_Task brief:_
Output the data word for word, dropping every image.

(Recorded data)
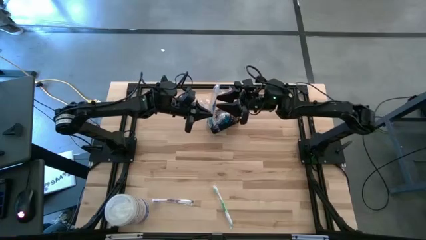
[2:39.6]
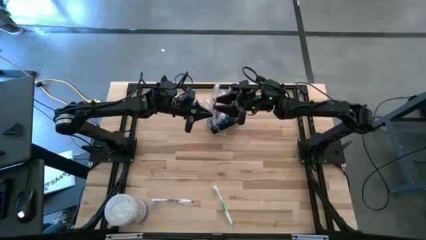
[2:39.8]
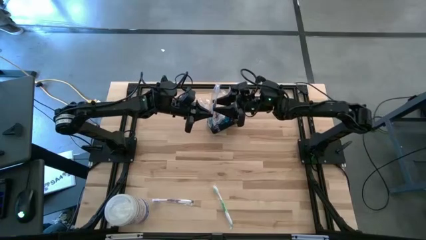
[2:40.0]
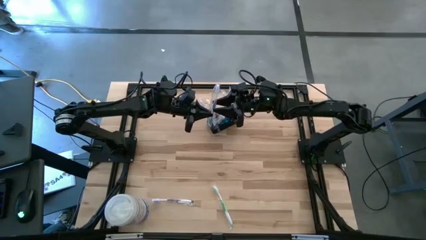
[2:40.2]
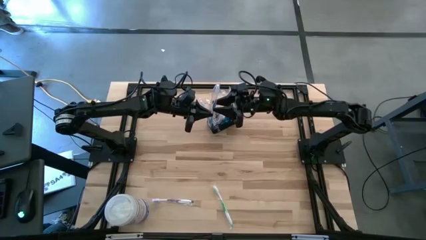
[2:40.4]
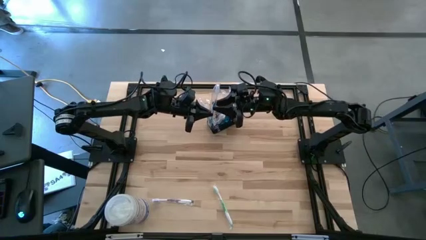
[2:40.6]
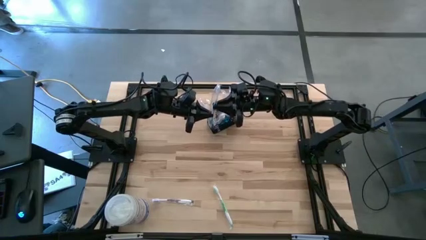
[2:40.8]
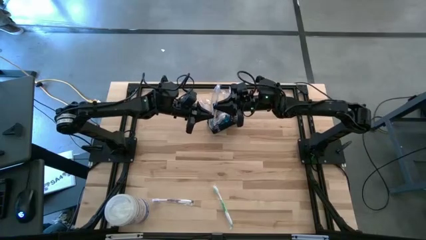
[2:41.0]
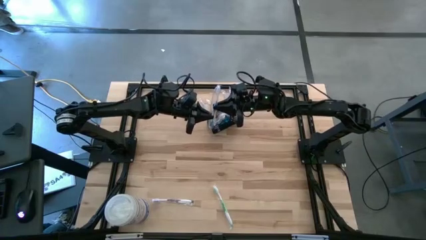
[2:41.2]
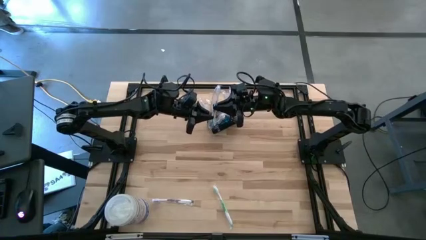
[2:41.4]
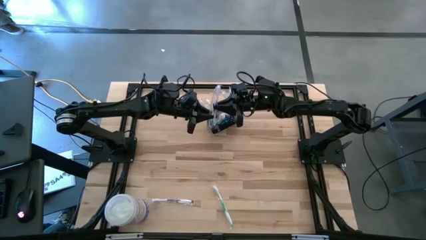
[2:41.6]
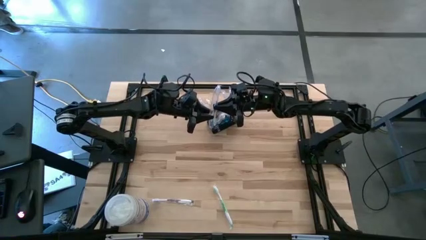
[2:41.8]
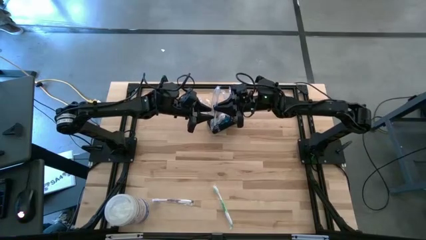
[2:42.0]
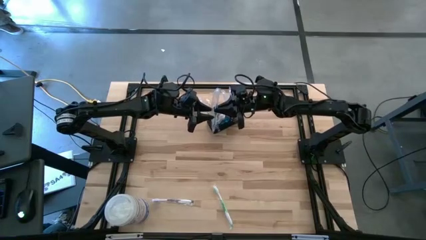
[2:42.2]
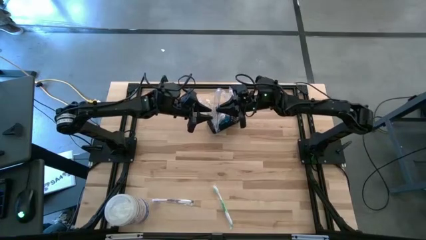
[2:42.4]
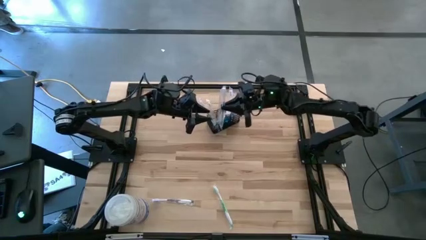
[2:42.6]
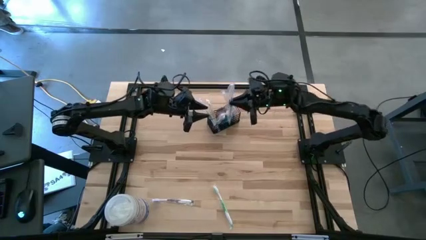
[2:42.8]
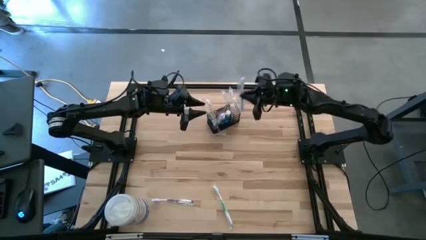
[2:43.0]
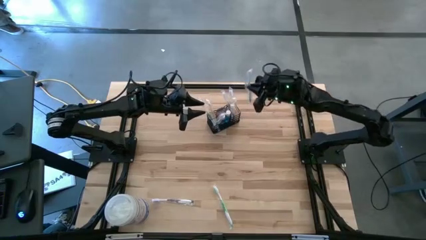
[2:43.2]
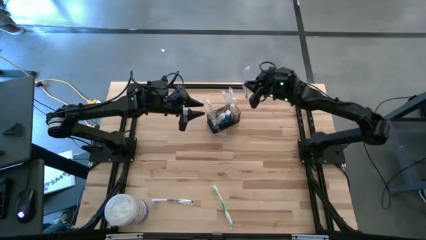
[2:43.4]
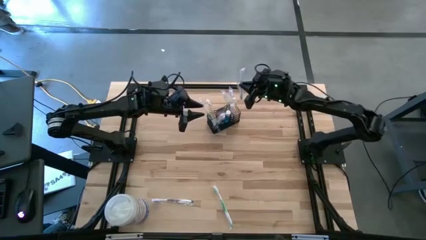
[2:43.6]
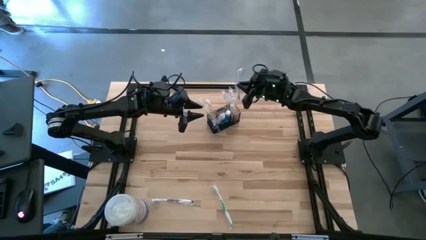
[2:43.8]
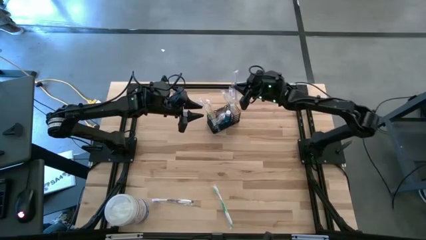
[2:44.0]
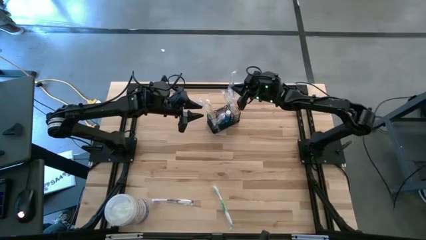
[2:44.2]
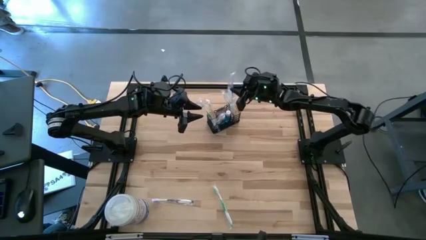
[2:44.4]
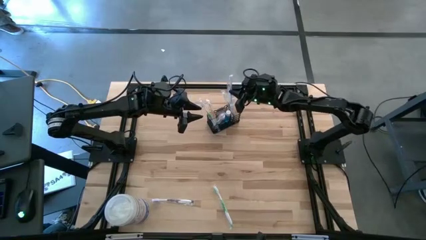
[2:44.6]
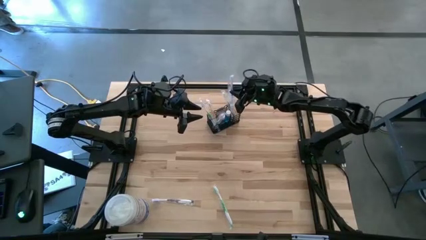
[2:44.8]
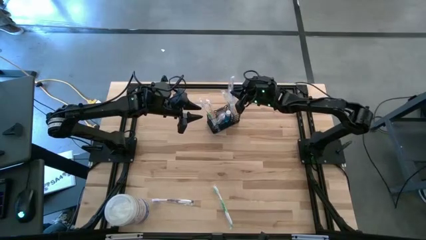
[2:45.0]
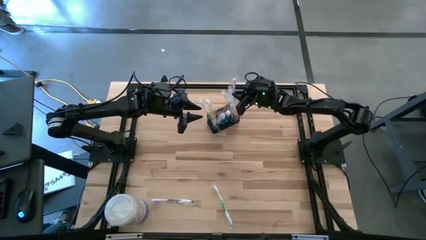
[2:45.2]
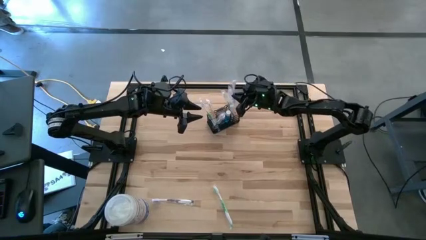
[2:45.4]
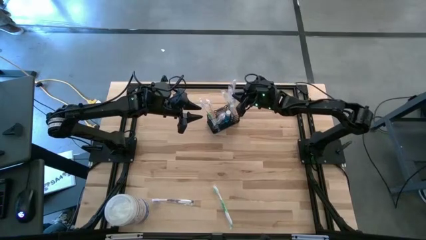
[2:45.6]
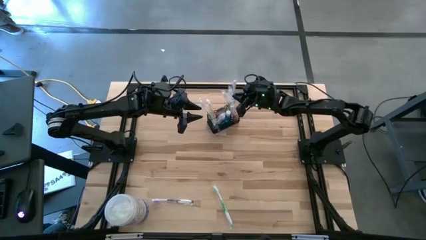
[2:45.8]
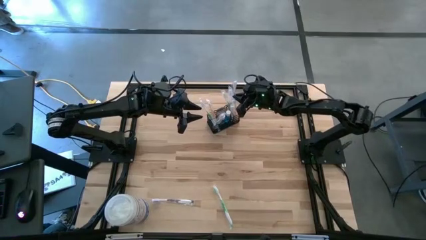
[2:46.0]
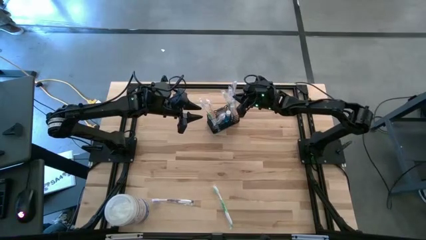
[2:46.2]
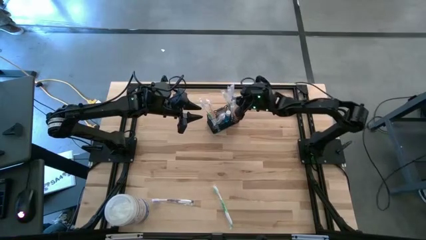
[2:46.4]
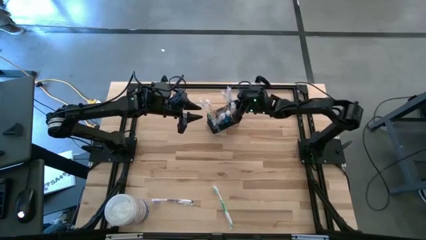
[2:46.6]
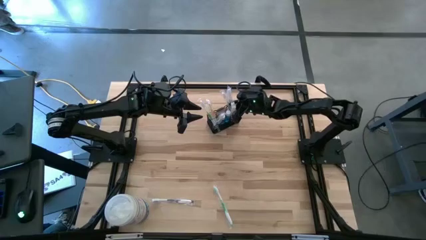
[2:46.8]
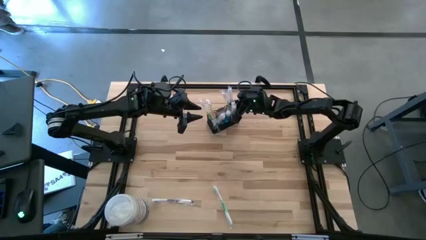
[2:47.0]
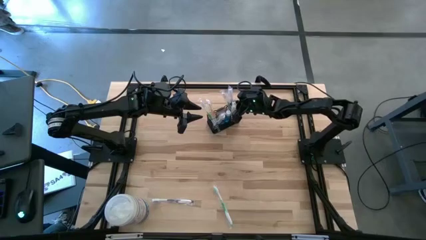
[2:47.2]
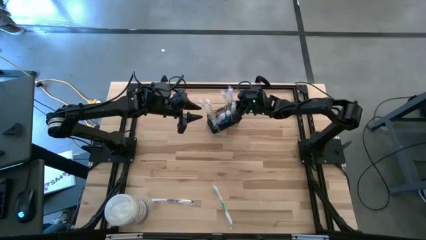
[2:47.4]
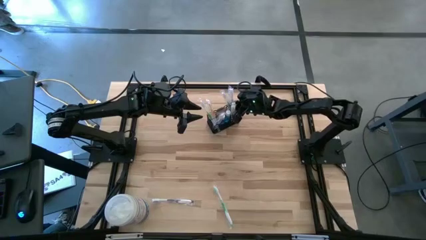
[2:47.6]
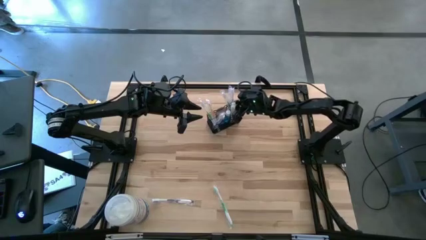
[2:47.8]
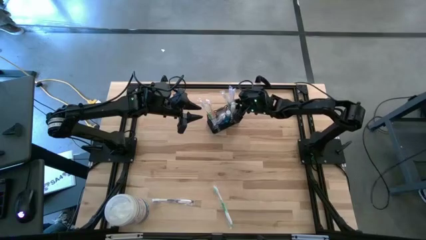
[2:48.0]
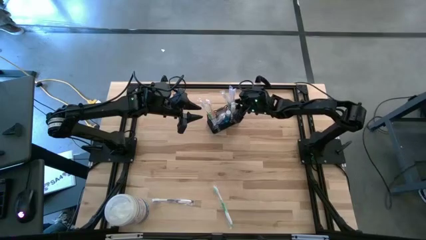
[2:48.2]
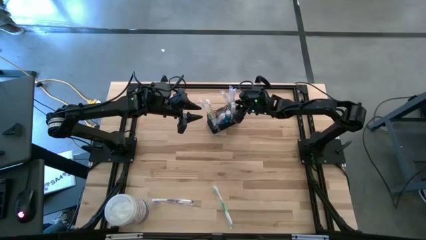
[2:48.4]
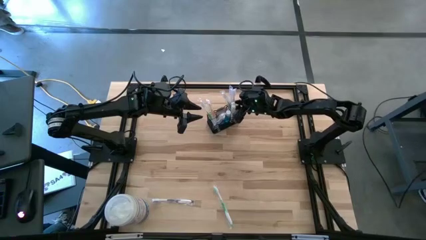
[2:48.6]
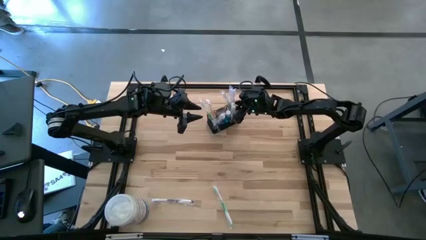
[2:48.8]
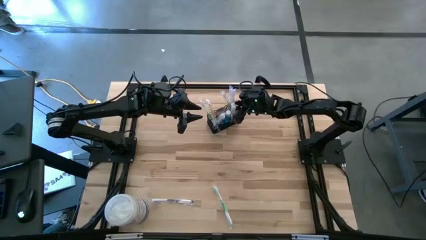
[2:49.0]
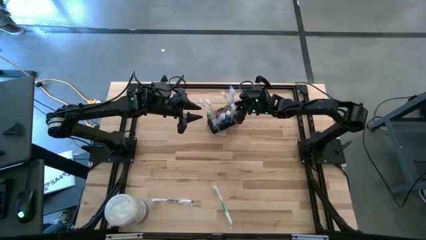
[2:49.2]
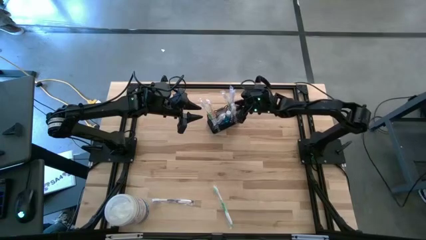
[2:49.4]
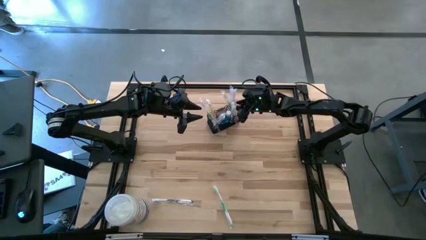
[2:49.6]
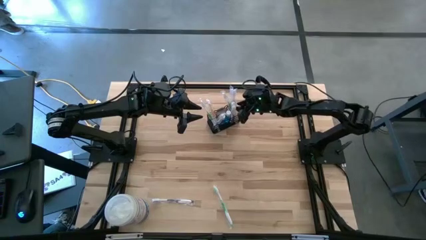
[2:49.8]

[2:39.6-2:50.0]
Task: Pick & Place toothbrushing station
Put the blue toothbrush into the mesh organizer

_Output for this exercise:_
[2:39.6]
[2:39.8]
[2:40.0]
[2:40.2]
[2:40.4]
[2:40.6]
[2:40.8]
[2:41.0]
[2:41.2]
[2:41.4]
[2:41.6]
[2:41.8]
[2:42.0]
[2:42.2]
[2:42.4]
[2:42.6]
[2:42.8]
[2:43.0]
[2:43.2]
[2:43.4]
[2:43.6]
[2:43.8]
[2:44.0]
[2:44.2]
[2:44.4]
[2:44.6]
[2:44.8]
[2:45.0]
[2:45.2]
[2:45.4]
[2:45.6]
[2:45.8]
[2:46.0]
[2:46.2]
[2:46.4]
[2:46.6]
[2:46.8]
[2:47.0]
[2:47.2]
[2:47.4]
[2:47.6]
[2:47.8]
[2:48.0]
[2:48.2]
[2:48.4]
[2:48.6]
[2:48.8]
[2:49.0]
[2:49.2]
[2:49.4]
[2:49.6]
[2:49.8]

[2:39.6-2:50.0]
Task: Pick & Place toothbrushing station
Put the blue toothbrush into the mesh organizer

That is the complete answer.